Bisnis Cireng, Ide Usaha Modal Sedikit Namun Keuntungannya Besar

ASAPENA – Jenis jajanan Aci Goreng atau yang lebih dikenal dengan sebutan Cireng tentunya tak asing di telinga penggemar jajanan. Tak hanya di kalangan anak-anak, kaum remaja hingga dewasa pun acapkali membeli jajanan street food yang satu ini.

Melihat betapa terbukanya pasar jajanan Cireng ini, maka tak salah apabila banyak para pelaku usaha yang mencoba meraup keuntungan dari sini. Selain proses pembuatannya tidak terlalu rumit, harganya pun masih sangat terjangkau dan diminati banyak kalangan.

Namun sebelum memutuskan untuk berjualan Cireng, pelaku usaha sebelumnya harus memahami terlebih dahulu berapa banyak modal dan prospek keuntungan yang bisa diraih.

Berikut adalah perhitungan modal dan penjualan dari bisnis Cireng :

Modal Awal :
Etalase/Gerobak : Rp2.500.000
Kompor dan Tabung Gas : Rp500.000
Wajan : Rp150.000
Wadah Besar Rp50,000
Panci : Rp180.000
Pengaduk : Rp30.000
Sendok Garpu : Rp50.000
Piring : Rp150.000
Spanduk : Rp80,000
Meja dan Kursi : Rp350,000
Galon : Rp50.000
Total : Rp4.090.000

Dengan asumsi perhitungan diatas maka modal awal yang dibutuhkan untuk usaha Cireng ini adalah Rp4.090.000. Harga tersebut diatas tentunya masih merupakan perkiraan.
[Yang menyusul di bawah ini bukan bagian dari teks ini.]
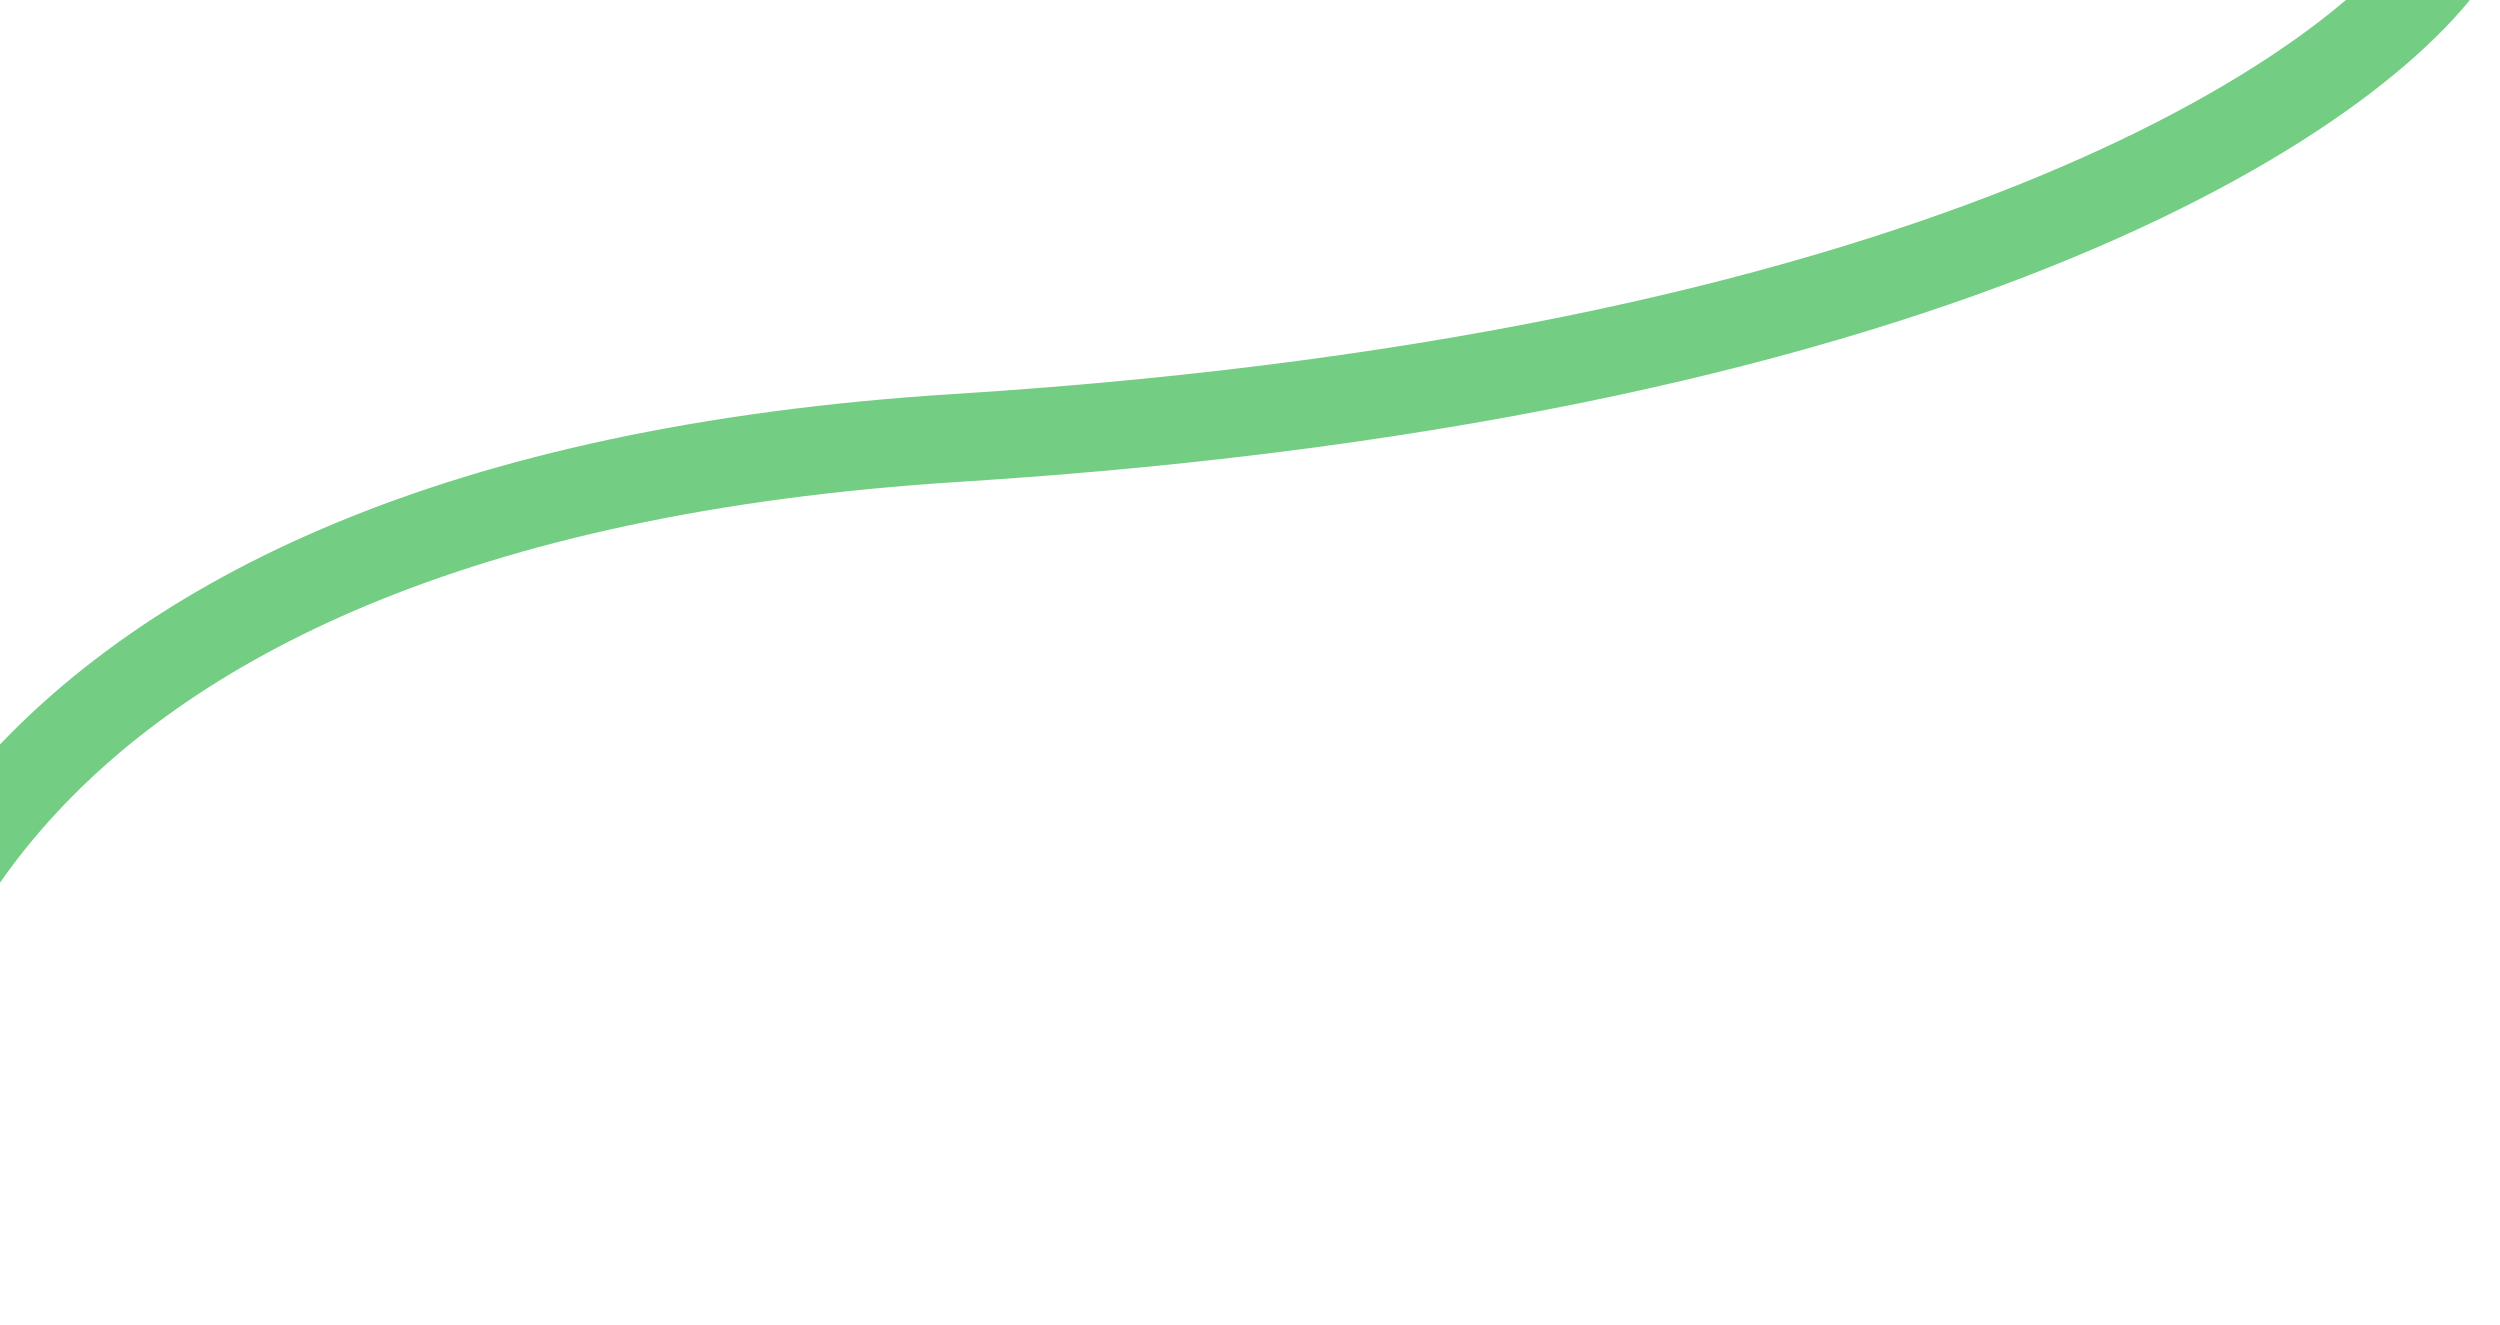 <?xml version="1.0" encoding="UTF-8"?> <svg xmlns="http://www.w3.org/2000/svg" width="568" height="301" viewBox="0 0 568 301" fill="none"> <path opacity="0.8" d="M-31.696 298C-44.196 237.833 -11.896 113.9 217.304 99.5C446.504 85.1 540.471 17.833 558.804 -14" stroke="#50C164" stroke-width="20"></path> </svg>

Harga bisa saja mengalami perubahan tergantung dengan lokasi dan kapan pembelian dilakukan.

Selanjutnya, setelah semua peralatan yang dibutuhkan tersedia, maka kita perlu menentukan harga variabel. Harga variabel ini merupakan ongkos yang dibutuhkan untuk melakukan produksi harian. Berikut perhitungan variabel harian untuk penjualan Cireng :

Variabel Harian :
Tepung Aci : Rp32.000
Kaldu Ayam : Rp15.000
Daun Bawang : Rp8.000
Bawang Putih : Rp10.000
Cabai Rawit : Rp16.000
Merica Bubuk : Rp18.000
Bahan Lain : Rp35.000
Total : Rp134.000

Berdasarkan perhitungan variabel harian diatas, maka pelaku usaha bisa menentukan harga jual dari cireng yang diproduksi. Perlu diperhitungkan harga jual agar tidak terlalu mahal, namun juga tidak terlalu murah untuk bisa mendapatkan laba yang baik.

Taruhlah Estimasi Harga Jual Cireng Adalah Rp5.000/porsi. Dari perhitungan harga jual, pelaku usaha bisa menetapkan target harian untuk menentukan seberapa besar profit yang akan didapat. Apabila Estimasi Penjualan harian ditetapkan sebanyak 50 porsi per hari, maka bisa disimpulkan laba kotor hasil penjualan Cireng adalah senilai 50 porsi x Rp5.000 = Rp250.000/hari.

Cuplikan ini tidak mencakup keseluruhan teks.